Records excerpted from a collection
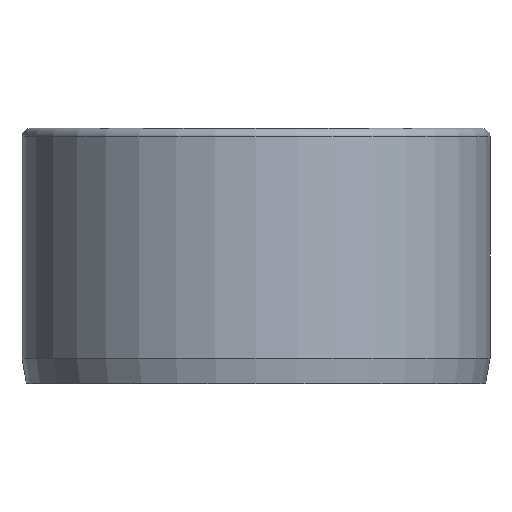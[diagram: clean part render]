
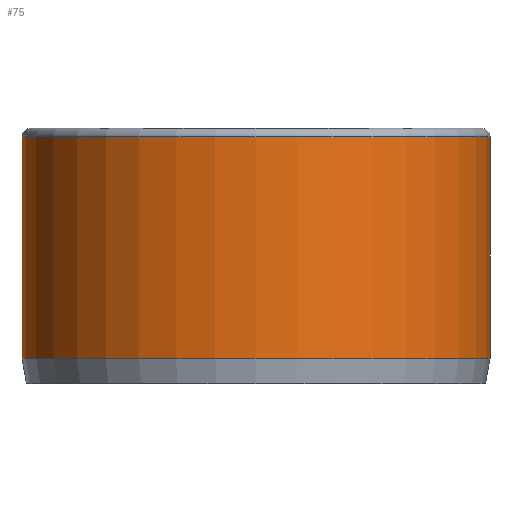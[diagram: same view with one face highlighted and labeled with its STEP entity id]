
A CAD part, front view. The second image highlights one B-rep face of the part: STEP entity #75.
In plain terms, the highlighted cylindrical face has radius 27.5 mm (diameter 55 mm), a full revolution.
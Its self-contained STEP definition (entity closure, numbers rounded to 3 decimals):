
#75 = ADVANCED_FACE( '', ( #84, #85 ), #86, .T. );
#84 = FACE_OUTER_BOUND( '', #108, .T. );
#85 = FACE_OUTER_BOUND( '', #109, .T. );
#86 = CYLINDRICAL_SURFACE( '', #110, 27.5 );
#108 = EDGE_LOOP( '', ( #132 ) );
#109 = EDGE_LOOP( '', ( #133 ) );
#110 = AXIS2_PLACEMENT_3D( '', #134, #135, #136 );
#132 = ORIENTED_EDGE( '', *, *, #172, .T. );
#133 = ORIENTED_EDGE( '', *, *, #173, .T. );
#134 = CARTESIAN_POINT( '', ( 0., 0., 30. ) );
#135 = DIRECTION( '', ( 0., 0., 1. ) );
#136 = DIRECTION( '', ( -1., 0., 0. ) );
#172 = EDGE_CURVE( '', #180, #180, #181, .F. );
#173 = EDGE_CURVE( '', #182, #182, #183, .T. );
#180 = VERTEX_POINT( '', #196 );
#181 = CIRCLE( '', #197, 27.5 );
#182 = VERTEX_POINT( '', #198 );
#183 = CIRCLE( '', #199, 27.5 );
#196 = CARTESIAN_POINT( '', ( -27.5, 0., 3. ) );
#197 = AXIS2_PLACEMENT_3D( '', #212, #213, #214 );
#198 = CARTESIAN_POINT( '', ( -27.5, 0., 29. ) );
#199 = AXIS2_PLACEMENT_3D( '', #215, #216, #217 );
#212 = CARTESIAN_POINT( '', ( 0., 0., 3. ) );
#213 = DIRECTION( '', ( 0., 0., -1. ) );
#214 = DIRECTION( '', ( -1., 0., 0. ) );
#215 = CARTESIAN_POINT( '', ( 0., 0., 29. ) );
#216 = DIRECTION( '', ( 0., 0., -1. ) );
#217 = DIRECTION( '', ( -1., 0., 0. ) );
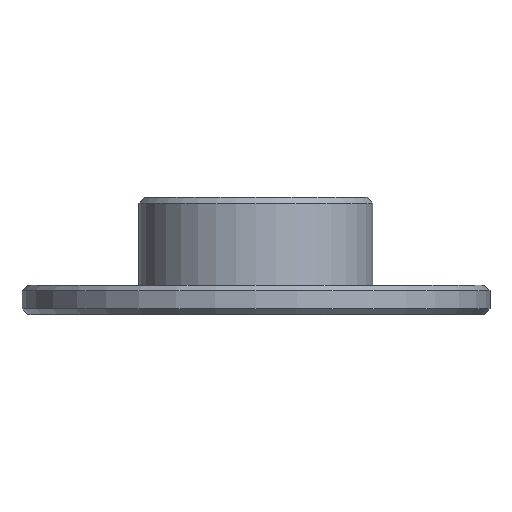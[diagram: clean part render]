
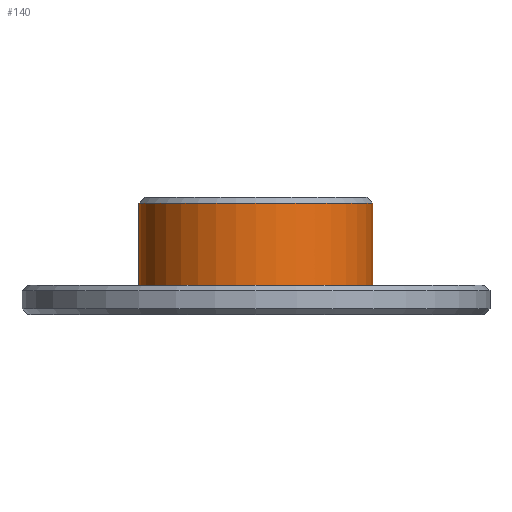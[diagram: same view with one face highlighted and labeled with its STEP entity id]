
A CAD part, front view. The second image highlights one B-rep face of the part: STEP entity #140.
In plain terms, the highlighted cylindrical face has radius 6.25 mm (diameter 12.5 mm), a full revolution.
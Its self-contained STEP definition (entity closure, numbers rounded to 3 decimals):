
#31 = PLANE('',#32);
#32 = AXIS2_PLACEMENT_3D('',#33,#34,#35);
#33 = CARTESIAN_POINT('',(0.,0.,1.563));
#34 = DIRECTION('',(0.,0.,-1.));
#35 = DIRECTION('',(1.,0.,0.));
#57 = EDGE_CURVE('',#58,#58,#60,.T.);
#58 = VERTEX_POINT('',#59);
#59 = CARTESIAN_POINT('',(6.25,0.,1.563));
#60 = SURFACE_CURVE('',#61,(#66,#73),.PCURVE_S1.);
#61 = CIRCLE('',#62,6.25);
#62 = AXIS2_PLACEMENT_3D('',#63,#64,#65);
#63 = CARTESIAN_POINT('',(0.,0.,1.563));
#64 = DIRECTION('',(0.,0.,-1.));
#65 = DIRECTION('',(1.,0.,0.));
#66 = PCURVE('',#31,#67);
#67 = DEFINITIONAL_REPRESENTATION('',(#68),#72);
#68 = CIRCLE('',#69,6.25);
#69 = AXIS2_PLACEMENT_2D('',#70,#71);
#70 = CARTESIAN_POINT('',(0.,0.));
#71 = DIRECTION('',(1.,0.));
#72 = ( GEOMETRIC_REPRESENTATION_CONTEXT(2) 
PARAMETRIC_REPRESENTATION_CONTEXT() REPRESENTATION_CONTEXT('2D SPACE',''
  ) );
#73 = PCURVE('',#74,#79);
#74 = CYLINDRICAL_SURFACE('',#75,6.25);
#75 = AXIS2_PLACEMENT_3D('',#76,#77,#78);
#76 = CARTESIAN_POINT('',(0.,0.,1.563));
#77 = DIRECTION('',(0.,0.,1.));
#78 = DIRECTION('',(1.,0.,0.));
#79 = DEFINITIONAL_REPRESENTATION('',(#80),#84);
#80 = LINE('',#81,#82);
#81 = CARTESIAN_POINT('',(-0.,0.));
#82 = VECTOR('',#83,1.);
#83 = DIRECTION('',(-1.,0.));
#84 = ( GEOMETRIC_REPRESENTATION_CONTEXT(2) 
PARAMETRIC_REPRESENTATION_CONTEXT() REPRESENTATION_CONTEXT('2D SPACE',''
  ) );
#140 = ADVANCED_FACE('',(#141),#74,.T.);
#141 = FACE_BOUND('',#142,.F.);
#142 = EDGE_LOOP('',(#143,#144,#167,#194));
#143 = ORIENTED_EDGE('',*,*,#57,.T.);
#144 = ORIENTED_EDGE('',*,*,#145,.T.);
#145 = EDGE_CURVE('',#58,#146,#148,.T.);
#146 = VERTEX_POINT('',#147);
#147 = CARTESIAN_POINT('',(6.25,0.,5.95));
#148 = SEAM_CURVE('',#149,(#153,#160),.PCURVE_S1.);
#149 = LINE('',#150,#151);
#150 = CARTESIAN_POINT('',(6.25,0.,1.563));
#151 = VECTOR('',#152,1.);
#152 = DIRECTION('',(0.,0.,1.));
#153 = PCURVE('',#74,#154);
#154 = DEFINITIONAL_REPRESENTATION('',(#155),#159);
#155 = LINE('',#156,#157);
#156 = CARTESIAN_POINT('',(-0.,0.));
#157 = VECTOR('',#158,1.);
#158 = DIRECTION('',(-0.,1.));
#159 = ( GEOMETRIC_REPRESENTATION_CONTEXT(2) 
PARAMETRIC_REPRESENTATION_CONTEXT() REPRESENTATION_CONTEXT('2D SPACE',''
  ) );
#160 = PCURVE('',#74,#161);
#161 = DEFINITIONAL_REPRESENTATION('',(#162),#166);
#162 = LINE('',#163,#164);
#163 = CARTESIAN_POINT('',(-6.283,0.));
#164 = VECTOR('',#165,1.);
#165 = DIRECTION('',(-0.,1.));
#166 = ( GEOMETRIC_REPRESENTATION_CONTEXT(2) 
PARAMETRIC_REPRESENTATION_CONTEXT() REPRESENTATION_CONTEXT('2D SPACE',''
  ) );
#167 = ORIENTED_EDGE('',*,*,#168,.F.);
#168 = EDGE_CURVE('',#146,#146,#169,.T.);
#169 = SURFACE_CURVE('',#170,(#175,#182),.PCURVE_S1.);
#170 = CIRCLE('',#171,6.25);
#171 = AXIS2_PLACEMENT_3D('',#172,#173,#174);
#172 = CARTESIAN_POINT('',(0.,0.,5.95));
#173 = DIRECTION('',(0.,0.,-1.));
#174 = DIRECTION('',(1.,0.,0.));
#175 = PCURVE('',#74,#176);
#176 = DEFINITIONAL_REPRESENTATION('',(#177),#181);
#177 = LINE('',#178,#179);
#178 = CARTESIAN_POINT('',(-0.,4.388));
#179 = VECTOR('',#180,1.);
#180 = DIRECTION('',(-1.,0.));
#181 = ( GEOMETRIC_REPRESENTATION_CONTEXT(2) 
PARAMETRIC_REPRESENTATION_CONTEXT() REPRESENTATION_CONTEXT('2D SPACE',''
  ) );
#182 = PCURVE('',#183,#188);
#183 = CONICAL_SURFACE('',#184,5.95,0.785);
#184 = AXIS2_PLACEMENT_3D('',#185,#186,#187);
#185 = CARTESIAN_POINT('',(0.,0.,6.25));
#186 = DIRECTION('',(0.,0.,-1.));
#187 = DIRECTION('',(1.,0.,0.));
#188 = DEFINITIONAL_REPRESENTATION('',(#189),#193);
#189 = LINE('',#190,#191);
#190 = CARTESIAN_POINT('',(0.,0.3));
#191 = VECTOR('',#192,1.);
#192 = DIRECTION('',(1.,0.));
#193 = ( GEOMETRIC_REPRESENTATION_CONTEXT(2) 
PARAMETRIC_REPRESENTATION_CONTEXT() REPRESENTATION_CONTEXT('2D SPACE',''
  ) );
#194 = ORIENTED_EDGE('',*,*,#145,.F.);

### Task objective
Some lines above may contain the string "revolution". State how many of them the records have, and nothing more.

### Solution to the problem
2